Financials: It’s not all about the numbers, but it’s mostly about the numbers. If you are looking for a Mercedes-level valuation, you should have Mercedes-level financials. If your financials are more like a used Datsun, try to upgrade to at least a VW Passat. If your financials are in good shape, you might still consider getting a sell-side quality of earnings report.
Due diligence preparation/other information: We (or your CPA or attorney) can send sample due diligence lists for you to freak out over. It can be overwhelming at first, but if you methodically prepare items one by one, it’s not that difficult.

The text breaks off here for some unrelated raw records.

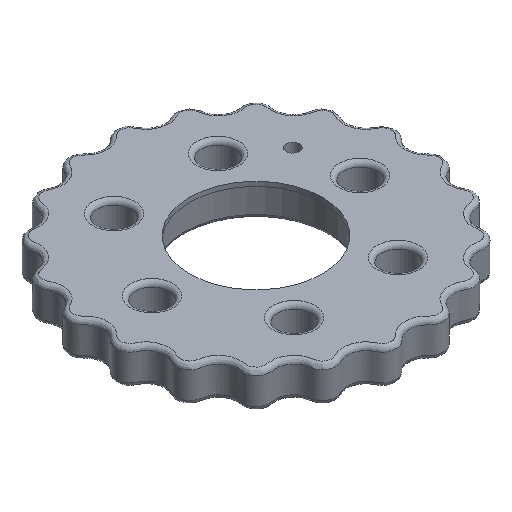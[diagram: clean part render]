
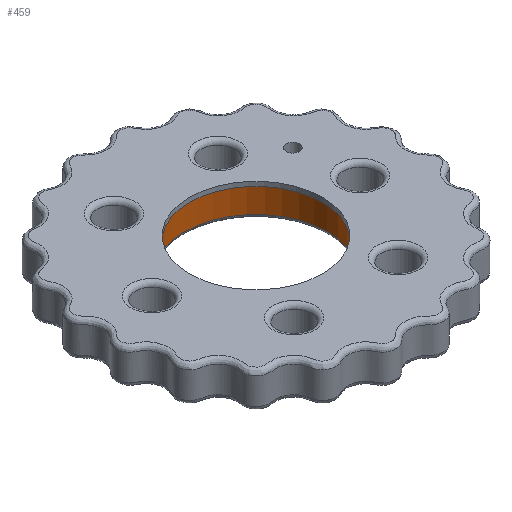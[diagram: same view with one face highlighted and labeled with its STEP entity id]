
A CAD part, isometric view. The second image highlights one B-rep face of the part: STEP entity #459.
In plain terms, the highlighted cylindrical face has radius 16.075 mm (diameter 32.15 mm), a full revolution.
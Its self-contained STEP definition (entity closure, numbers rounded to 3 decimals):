
#61=FACE_OUTER_BOUND('',#89,.T.);
#89=EDGE_LOOP('',(#323,#324,#325,#326,#327));
#133=LINE('',#770,#143);
#143=VECTOR('',#604,16.075);
#156=CIRCLE('',#506,16.075);
#157=CIRCLE('',#507,16.075);
#158=CIRCLE('',#509,16.075);
#208=VERTEX_POINT('',#762);
#209=VERTEX_POINT('',#764);
#210=VERTEX_POINT('',#768);
#252=EDGE_CURVE('',#208,#209,#156,.T.);
#253=EDGE_CURVE('',#209,#208,#157,.T.);
#254=EDGE_CURVE('',#210,#210,#158,.T.);
#255=EDGE_CURVE('',#210,#209,#133,.T.);
#323=ORIENTED_EDGE('',*,*,#254,.T.);
#324=ORIENTED_EDGE('',*,*,#255,.T.);
#325=ORIENTED_EDGE('',*,*,#252,.F.);
#326=ORIENTED_EDGE('',*,*,#253,.F.);
#327=ORIENTED_EDGE('',*,*,#255,.F.);
#449=CYLINDRICAL_SURFACE('',#508,16.075);
#459=ADVANCED_FACE('',(#61),#449,.F.);
#506=AXIS2_PLACEMENT_3D('',#765,#596,#597);
#507=AXIS2_PLACEMENT_3D('',#766,#598,#599);
#508=AXIS2_PLACEMENT_3D('',#767,#600,#601);
#509=AXIS2_PLACEMENT_3D('',#769,#602,#603);
#596=DIRECTION('center_axis',(0.,0.,1.));
#597=DIRECTION('ref_axis',(-1.,0.,0.));
#598=DIRECTION('center_axis',(0.,0.,1.));
#599=DIRECTION('ref_axis',(-1.,0.,0.));
#600=DIRECTION('center_axis',(0.,0.,-1.));
#601=DIRECTION('ref_axis',(-1.,0.,0.));
#602=DIRECTION('center_axis',(0.,0.,1.));
#603=DIRECTION('ref_axis',(-1.,0.,0.));
#604=DIRECTION('',(0.,0.,-1.));
#762=CARTESIAN_POINT('',(-14.705,0.,0.75));
#764=CARTESIAN_POINT('',(17.445,0.,0.75));
#765=CARTESIAN_POINT('Origin',(1.37,0.,0.75));
#766=CARTESIAN_POINT('Origin',(1.37,0.,0.75));
#767=CARTESIAN_POINT('Origin',(1.37,0.,8.));
#768=CARTESIAN_POINT('',(17.445,0.,7.));
#769=CARTESIAN_POINT('Origin',(1.37,0.,7.));
#770=CARTESIAN_POINT('',(17.445,0.,8.));

For example, maintaining a current equipment list with all the relevant information can save a lot of time during due diligence.
Add-backs: Many private businesses can add back a variety of expenses to adjusted EBITDA. However, some businesses are more aggressive. Try to limit the number of add-backs to a few easily explainable and justifiable items.

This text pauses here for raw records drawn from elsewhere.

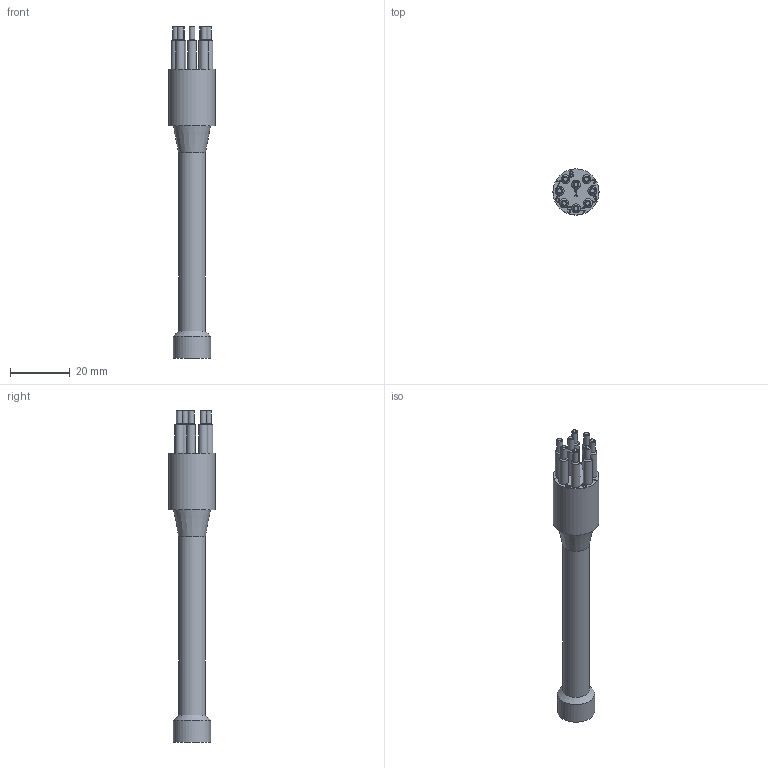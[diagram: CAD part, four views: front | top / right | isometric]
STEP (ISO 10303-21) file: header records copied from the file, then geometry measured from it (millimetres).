
FILE_DESCRIPTION(/* description */ (''),/* implementation_level */ '2;1');
FILE_NAME(/* name */ 'MCDC8M.stp',/* time_stamp */ '2014-11-26T08:35:32+01:00',/* author */ ('sh'),/* organization */ (''),/* preprocessor_version */ 'ST-DEVELOPER v15.2',/* originating_system */ 'Autodesk Inventor 2014',/* authorisation */ '');
FILE_SCHEMA (('AUTOMOTIVE_DESIGN { 1 0 10303 214 3 1 1 }'));
Length unit declared in the file: millimetre
Products named in the file (1): MCDC8M
Bounding box: 15.5 x 15.5 x 111.5 mm (x, y, z)
Volume: 9943.6 mm3; surface area: 4629.7 mm2
Topology: 1 solids, 1 shells, 198 faces, 499 edges, 324 vertices
Faces by surface type: bspline 82, plane 79, cylinder 19, cone 18
Full cylindrical faces by diameter (mm): 2 x8, 3 x8, 9 x1, 12.5 x1, 15.5 x1
Entity records: 6433 total; most frequent: CARTESIAN_POINT 2295, ORIENTED_EDGE 922, DIRECTION 578, EDGE_CURVE 461, VERTEX_POINT 323, EDGE_LOOP 256, LINE 250, VECTOR 250

Personnel: With the incoming U.S. administration, it might be a good time to make sure all employees are well-documented. Just saying.
Facility/equipment maintenance: To prepare for a home sale, we usually add a fresh coat of paint and trim the bushes. The business also has to look like it is worth a million dollars (or $10 million, or $100 million) and not have missing lights, beat-up furniture, a pile of goo in the corner, and a parking lot full of rusted metal.

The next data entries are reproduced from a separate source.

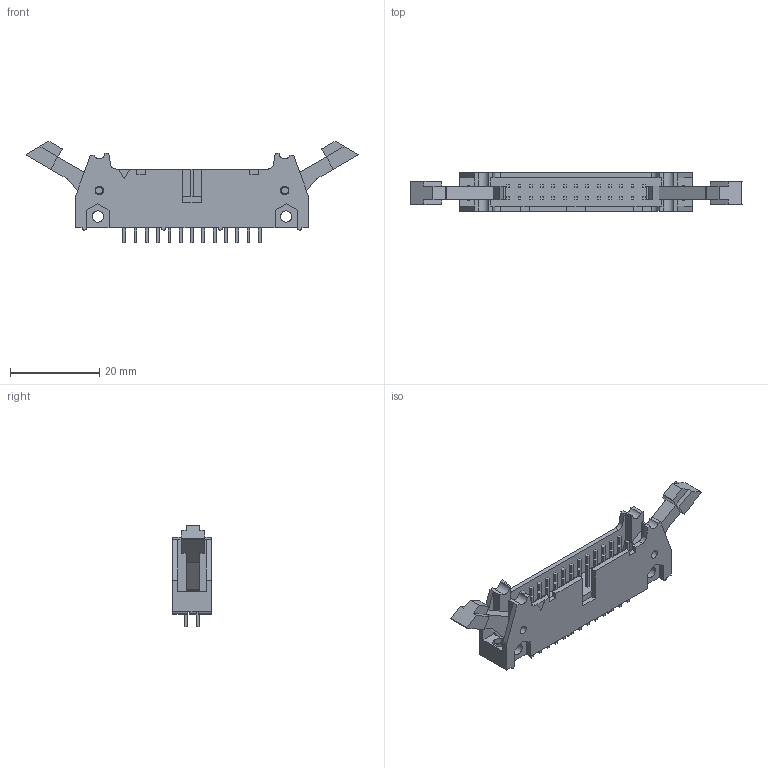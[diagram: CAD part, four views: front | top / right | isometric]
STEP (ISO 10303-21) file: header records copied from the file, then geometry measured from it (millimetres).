
FILE_DESCRIPTION(/* description */ (''),/* implementation_level */ '2;1');
FILE_NAME(/* name */ '3M_N3429-6302RB.stp',/* time_stamp */ '2015-12-09T10:33:12+01:00',/* author */ ('riccim'),/* organization */ (''),/* preprocessor_version */ 'ST-DEVELOPER v15.5',/* originating_system */ 'AutoCAD Mechanical',/* authorisation */ ', , ');
FILE_SCHEMA (('AUTOMOTIVE_DESIGN { 1 0 10303 214 3 1 1 }'));
Length unit declared in the file: millimetre
Products named in the file (1): Product
Bounding box: 74.58 x 8.64 x 22.8 mm (x, y, z)
Volume: 4078.4 mm3; surface area: 5166 mm2
Topology: 55 solids, 55 shells, 481 faces, 1107 edges, 736 vertices
Faces by surface type: plane 447, cylinder 34
Full cylindrical faces by diameter (mm): 1.575 x2, 1.905 x2, 2.54 x4
Entity records: 14664 total; most frequent: CARTESIAN_POINT 4338, ORIENTED_EDGE 2198, DIRECTION 1760, EDGE_CURVE 1099, LINE 740, VECTOR 740, VERTEX_POINT 736, AXIS2_PLACEMENT_3D 510

Vision, strategy, and culture: Buyers will often ask about a company’s culture, and the most common response is, “We’re like a family.” That may be true, but it could be the Addams Family, the Sopranos, or the Waltons. Find out what is unique about the company in terms of vision, strategy, and culture. It’s difficult to figure out if a buyer is a good cultural fit if you can’t explain your own culture.
Personal: This might be the top item. As the owner, you need to think about your goals and plans. Selling a business is a big deal. You don’t want to enter the process unless you are certain. Do you want to stay with the business post-closing and help it grow with the buyer, or hand over the keys after a quick transition? What are your plans for full retirement? After a while, playing golf every day gets old, so it’s good to have some personal goals. Your wife/partner does not want you at home watching M*A*S*H reruns.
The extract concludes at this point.